- Entries shown -
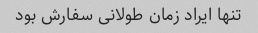
تنها ایراد زمان طولانی سفارش بود
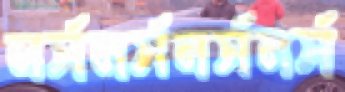
নর্সনর্সনর্সনর্স
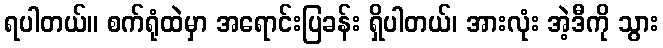
ရပါတယ်။ စက်ရုံထဲမှာ အရောင်းပြခန်း ရှိပါတယ်၊ အားလုံး အဲ့ဒီကို သွား
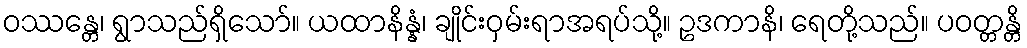
ဝဿန္တေ၊ ရွာသည်ရှိသော်။ ယထာနိန္နံ၊ ချိုင်းဝှမ်းရာအရပ်သို့။ ဥဒကာနိ၊ ရေတို့သည်။ ပဝတ္တန္တိ
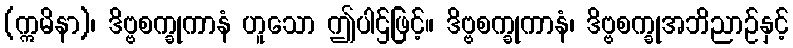
(ဣမိနာ)၊ ဒိဗ္ဗစက္ခုကာနံ ဟူသော ဤပါဌ်ဖြင့်။ ဒိဗ္ဗစက္ခုကာနံ၊ ဒိဗ္ဗစက္ခုအဘိညာဉ်နှင့်
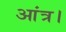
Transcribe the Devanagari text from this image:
आंत्र।
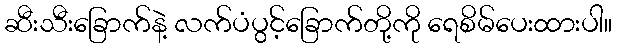
ဆီးသီးခြောက်နဲ့ လက်ပံပွင့်ခြောက်တို့ကို ရေစိမ်ပေးထားပါ။
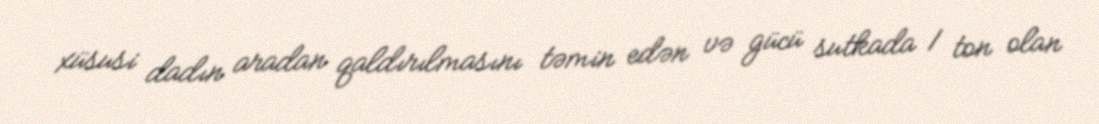
xüsusi dadın aradan qaldırılmasını təmin edən və gücü sutkada 1 ton olan
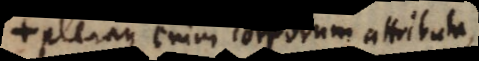
Pleraque enim corporum attributa,
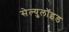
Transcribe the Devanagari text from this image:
सेल्युलॉइड
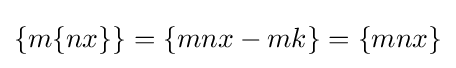
\{m\{nx\}\}=\{mnx-mk\}=\{mnx\}
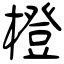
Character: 橙
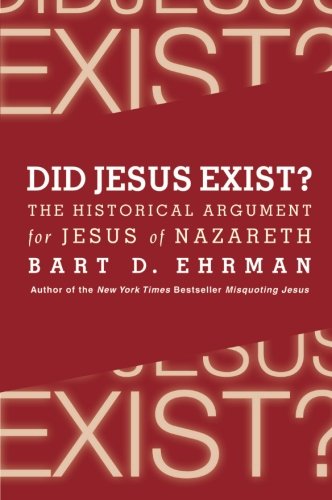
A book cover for Did Jesus Exist?: The Historical Argument for Jesus of Nazareth; Bart D. Ehrman; Reference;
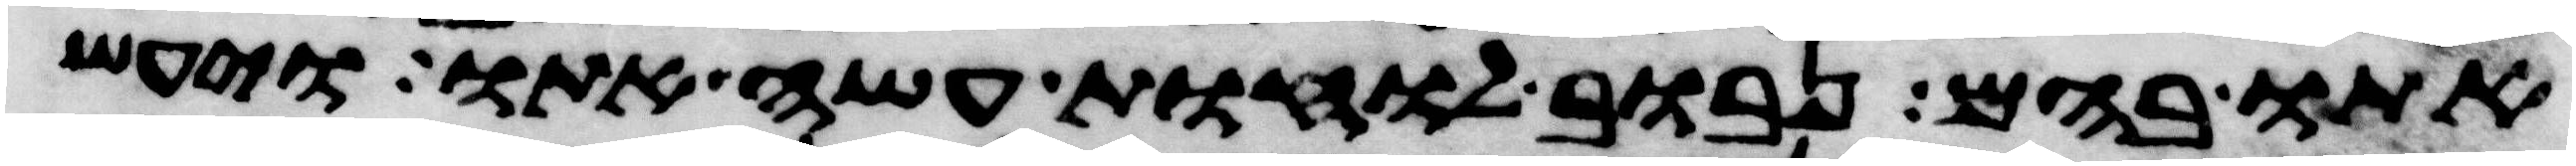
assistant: אתו בהם נבוב לוחת עשה אתו ויעש
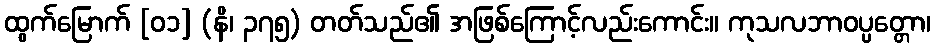
ထွက်မြောက် [၀၁] (နိ၊ ၃၇၅) တတ်သည်၏ အဖြစ်ကြောင့်လည်းကောင်း။ ကုသလဘာဝပ္ပတ္တော၊
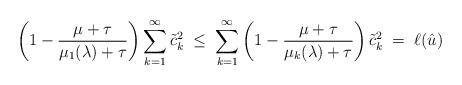
LaTeX: \begin{align*}\left( 1 - \frac{\mu+\tau}{\mu_1(\lambda) + \tau}\right) \sum_{k=1}^\infty \tilde{c}_k^2 \; \leq \; \sum_{k=1}^\infty \left( 1 - \frac{\mu+\tau}{ \mu_k(\lambda)+ \tau} \right) \tilde{c}_k^2 \; =\; \ell(\hat{u})\end{align*}
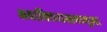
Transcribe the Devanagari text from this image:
अवाक्छिरास्तथाभूत्वा
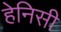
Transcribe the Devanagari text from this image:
हेनिसी
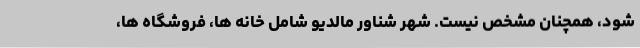
شود، همچنان مشخص نیست. شهر شناور مالدیو شامل خانه ها، فروشگاه ها،
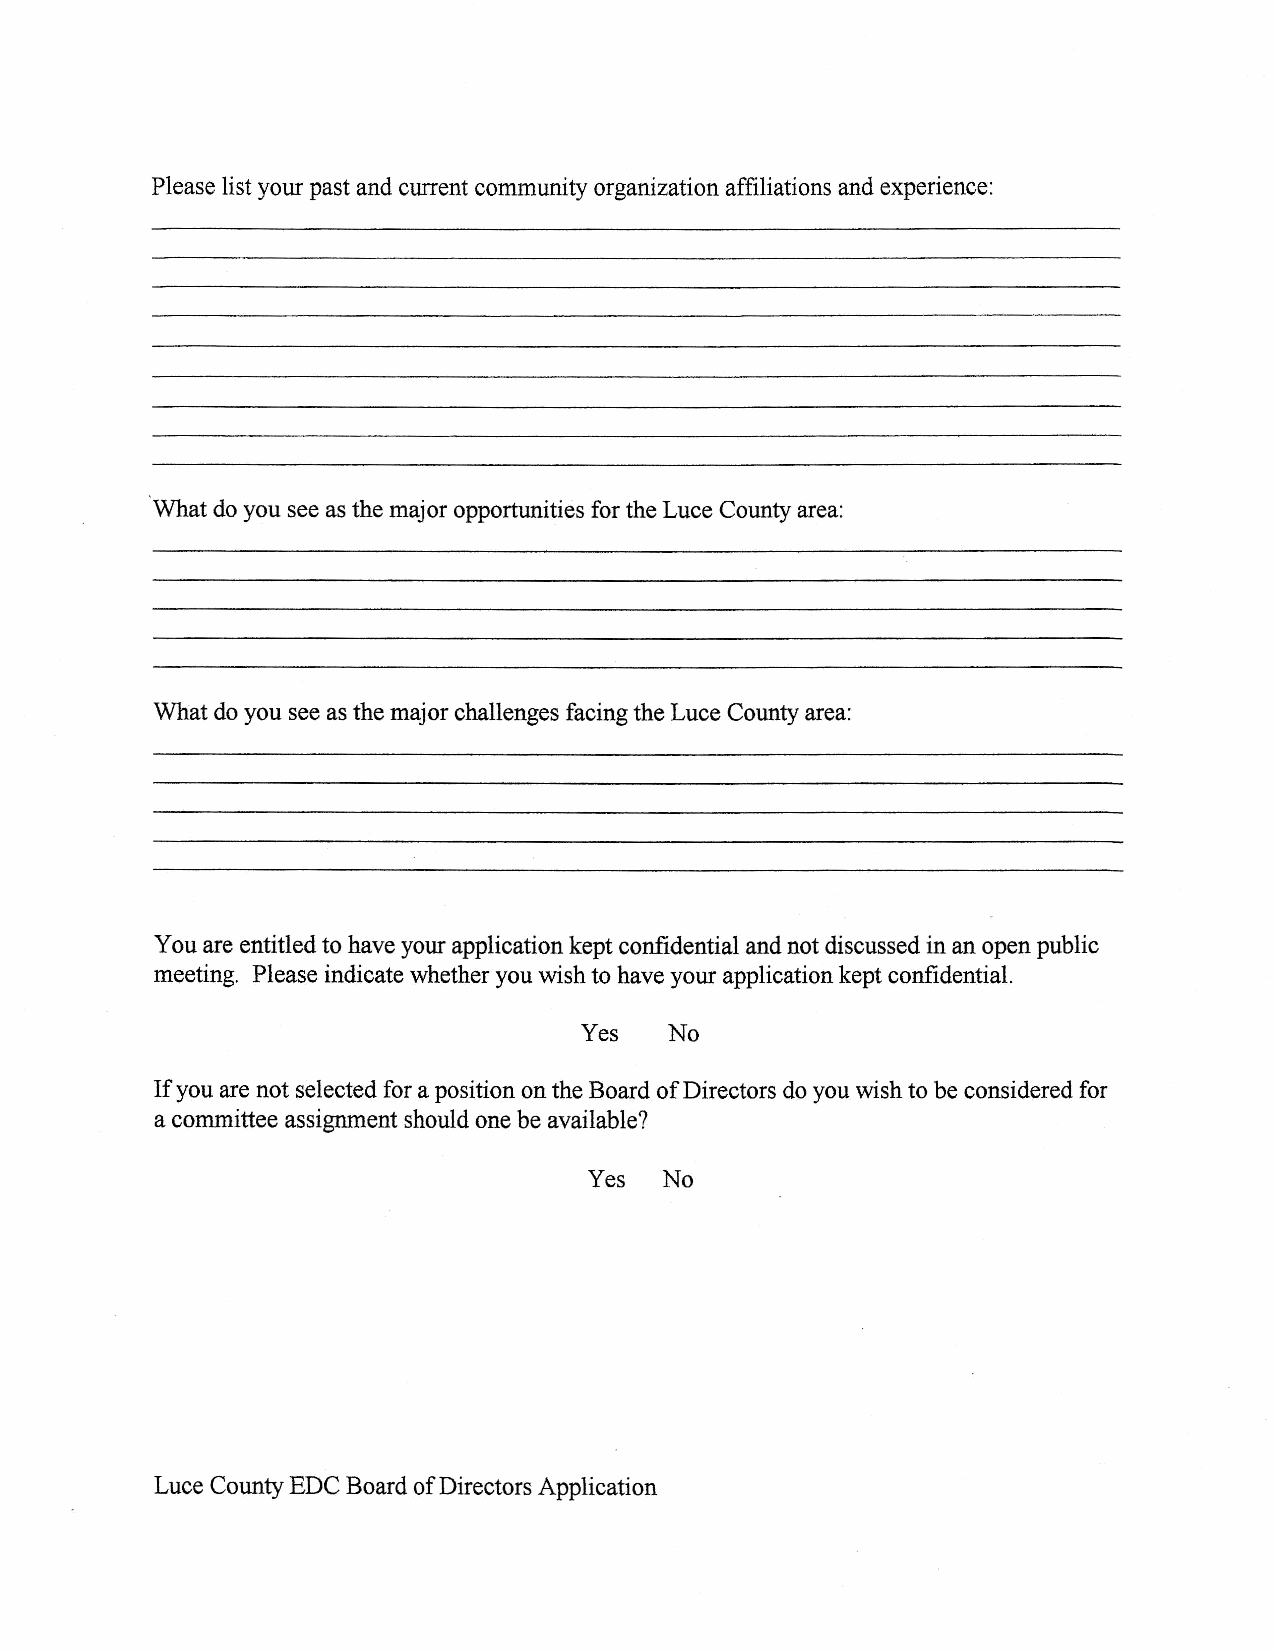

- What you will do -
Starting with the line that contains "A book cover", print every remaining line of the records above, exactly as it stands. Do not print the pictures.

- Exercise result -
A book cover for Did Jesus Exist?: The Historical Argument for Jesus of Nazareth; Bart D. Ehrman; Reference;
assistant: אתו בהם נבוב לוחת עשה אתו ויעש
ထွက်မြောက် [၀၁] (နိ၊ ၃၇၅) တတ်သည်၏ အဖြစ်ကြောင့်လည်းကောင်း။ ကုသလဘာဝပ္ပတ္တော၊
LaTeX: \begin{align*}\left( 1 - \frac{\mu+\tau}{\mu_1(\lambda) + \tau}\right) \sum_{k=1}^\infty \tilde{c}_k^2 \; \leq \; \sum_{k=1}^\infty \left( 1 - \frac{\mu+\tau}{ \mu_k(\lambda)+ \tau} \right) \tilde{c}_k^2 \; =\; \ell(\hat{u})\end{align*}
Transcribe the Devanagari text from this image:
अवाक्छिरास्तथाभूत्वा
Transcribe the Devanagari text from this image:
हेनिसी
شود، همچنان مشخص نیست. شهر شناور مالدیو شامل خانه ها، فروشگاه ها،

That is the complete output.